--- START ---
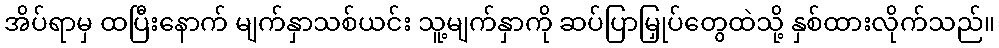
အိပ်ရာမှ ထပြီးနောက် မျက်နှာသစ်ယင်း သူ့မျက်နှာကို ဆပ်ပြာမြှုပ်တွေထဲသို့ နှစ်ထားလိုက်သည်။
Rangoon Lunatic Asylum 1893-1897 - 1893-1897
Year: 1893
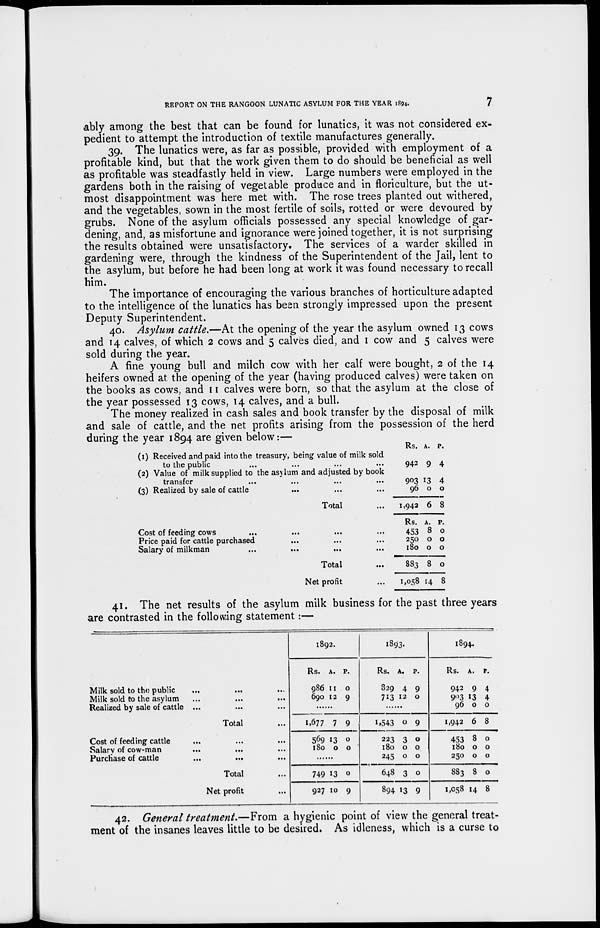
REPORT ON THE RANGOON LUNATIC ASYLUM FOR THE YEAR 1894.
7
ably among the best that can be found for lunatics, it was not considered ex-
pedient to attempt the introduction of textile manufactures generally.
39. The lunatics were, as far as possible, provided with employment of a
profitable kind, but that the work given them to do should be beneficial as well
as profitable was steadfastly held in view. Large numbers were employed in the
gardens both in the raising of vegetable produce and in floriculture, but the ut-
most disappointment was here met with. The rose trees planted out withered,
and the vegetables, sown in the most fertile of soils, rotted or were devoured by
grubs. None of the asylum officials possessed any special knowledge of gar-
dening, and, as misfortune and ignorance were joined together, it is not surprising
the results obtained were unsatisfactory. The services of a warder skilled in
gardening were, through the kindness of the Superintendent of the Jail, lent to
the asylum, but before he had been long at work it was found necessary to recall
him.
The importance of encouraging the various branches of horticulture adapted
to the intelligence of the lunatics has been strongly impressed upon the present
Deputy Superintendent.
40. Asylum cattle.—At the opening of the year the asylum owned 13 cows
and 14 calves, of which 2 cows and 5 calves died, and 1 cow and 5 calves were
sold during the year.
A fine young bull and milch cow with her calf were bought, 2 of the 14
heifers owned at the opening of the year (having produced calves) were taken on
the books as cows, and 11 calves were born, so that the asylum at the close of
the year possessed 13 cows, 14 calves, and a bull.
The money realized in cash sales and book transfer by the disposal of milk
and sale of cattle, and the net profits arising from the possession of the herd
during the year 1894 are given below:—
(1) Received and paid into the treasury, being value of milk sold
to the public ... ... ... ...
(2) Value of milk supplied to the asylum and adjusted by book
transfer ... ... ... ...
(3) Realized by sale of cattle ... ... ...
Total ...
Cost of feeding cows ... ... ... ...
Price paid for cattle purchased ... ... ...
Salary of milkman ... ... ... ...
Total ...
Net profit ...
Rs.
942
903
96
1,942
Rs.
453
250
180
883
1,058
A.
9
13
0
6
A.
8
0
0
8
14
P.
4
4
0
8
P.
0
0
0
0
8
41. The net results of the asylum milk business for the past three years
are contrasted in the following statement:—
Milk sold to the public ... ... ...
Milk sold to the asylum ... ... ...
Realized by sale of cattle ... ... ...
Total ...
Cost of feeding cattle ... ... ...
Salary of cow-man ... ... ...
Purchase of cattle ... ... ...
Total ...
Net profit ...
1892.
Rs.
986
690
A.
11
12
P.
0
9
......
1,677
569
180
7
13
0
9
0
0
......
749
927
13
10
0
9
1893.
Rs.
829
713
A.
4
12
P.
9
0
......
1,543
223
180
245
648
894
0
3
0
0
3
13
9
0
0
0
0
9
1894.
Rs.
942
903
96
1,942
453
180
250
883
1,058
A.
9
13
0
6
8
0
0
8
14
P.
4
4
0
8
0
0
0
0
8
42. General treatment.—From a hygienic point of view the general treat-
ment of the insanes leaves little to be desired. As idleness, which is a curse to
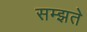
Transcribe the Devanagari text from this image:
सम्झते
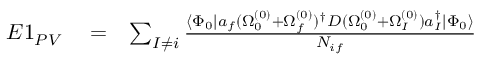
\begin{array} { r l r } { E 1 _ { P V } } & { { } = } & { \sum _ { I \ne i } \frac { \langle \Phi _ { 0 } | a _ { f } ( \Omega _ { 0 } ^ { ( 0 ) } + \Omega _ { f } ^ { ( 0 ) } ) ^ { \dagger } D ( \Omega _ { 0 } ^ { ( 0 ) } + \Omega _ { I } ^ { ( 0 ) } ) a _ { I } ^ { \dagger } | \Phi _ { 0 } \rangle } { { \cal N } _ { i f } } } \end{array}
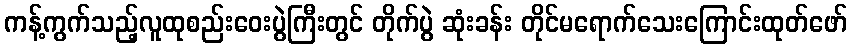
ကန့်ကွက်သည့်လူထုစည်းဝေးပွဲကြီးတွင် တိုက်ပွဲ ဆုံးခန်း တိုင်မရောက်သေးကြောင်းထုတ်ဖော်
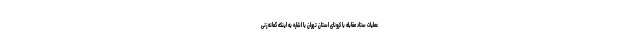
عملیات ستاد مقابله با کرونای استان تهران با اشاره به اینکه گمانه زنی
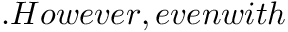
\AA . H o w e v e r , e v e n w i t h
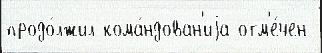
продо́лжил кома́ндован'иjа отм'е́чен
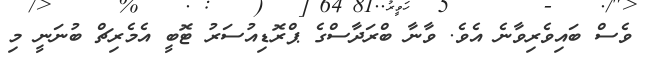
ވެސް ބައިވެރިވާނެ އެވެ. ވާނާ ބްރަދާސްގެ ޕްރޮޑިއުސަރު ޓޮބީ އެމެރިޗް ބުނަނީ މި
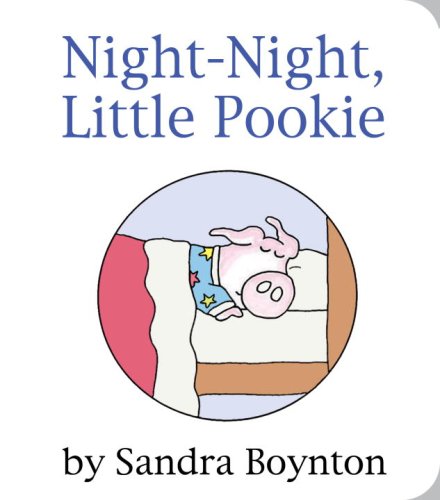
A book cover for Night-Night, Little Pookie (Pookie Books); Sandra Boynton; Children's Books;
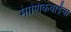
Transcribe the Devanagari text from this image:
माणिकबाईंचा
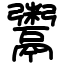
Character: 鬻
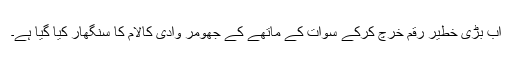
اب بڑی خطیر رقم خرچ کرکے سوات کے ماتھے کے جھومر وادی کالام کا سنگھار کیا گیا ہے۔
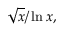
{ \sqrt { x } } / \ln x ,
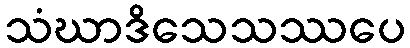
သံဃာဒိသေသဿပေ
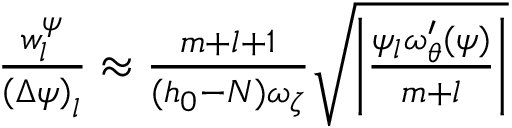
\begin{array} { r } { \frac { w _ { l } ^ { \psi } } { \left( \Delta \psi \right) _ { l } } \approx \frac { m + l + 1 } { ( h _ { 0 } - N ) \omega _ { \zeta } } \sqrt { \left| \frac { \psi _ { l } \omega _ { \theta } ^ { \prime } ( \psi ) } { m + l } \right| } } \end{array}
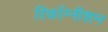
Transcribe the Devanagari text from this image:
रिकॉग्नीशन
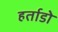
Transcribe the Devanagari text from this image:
हर्ताडो
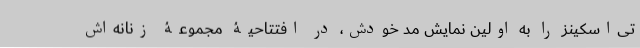
تی‌اسکینز را به اولین نمایش‌ مُد‌ خودش، در افتتاحیۀ مجموعۀ زنانه‌اش
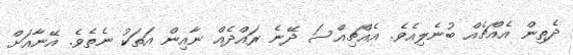
ދެތިން އެއްޗެއް ބުނެލިއެވެ. އެއްޗިއްސަ ދޭނެ ރައްދެއް ނާއިން އަތަކު ނެތެވެ. އޭނާއަށް
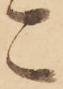
こ
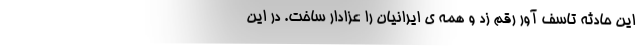
این حادثه تاسف آور رقم زد و همه ی ایرانیان را عزادار ساخت. در این
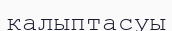
калыптасуы
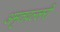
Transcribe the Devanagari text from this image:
अमृतवल्लरी
--- END ---
▶ What the task asks
Copy every line of the data that carries the word "frac".

▶ Task output
\begin{array} { r l r } { E 1 _ { P V } } & { { } = } & { \sum _ { I \ne i } \frac { \langle \Phi _ { 0 } | a _ { f } ( \Omega _ { 0 } ^ { ( 0 ) } + \Omega _ { f } ^ { ( 0 ) } ) ^ { \dagger } D ( \Omega _ { 0 } ^ { ( 0 ) } + \Omega _ { I } ^ { ( 0 ) } ) a _ { I } ^ { \dagger } | \Phi _ { 0 } \rangle } { { \cal N } _ { i f } } } \end{array}
\begin{array} { r } { \frac { w _ { l } ^ { \psi } } { \left( \Delta \psi \right) _ { l } } \approx \frac { m + l + 1 } { ( h _ { 0 } - N ) \omega _ { \zeta } } \sqrt { \left| \frac { \psi _ { l } \omega _ { \theta } ^ { \prime } ( \psi ) } { m + l } \right| } } \end{array}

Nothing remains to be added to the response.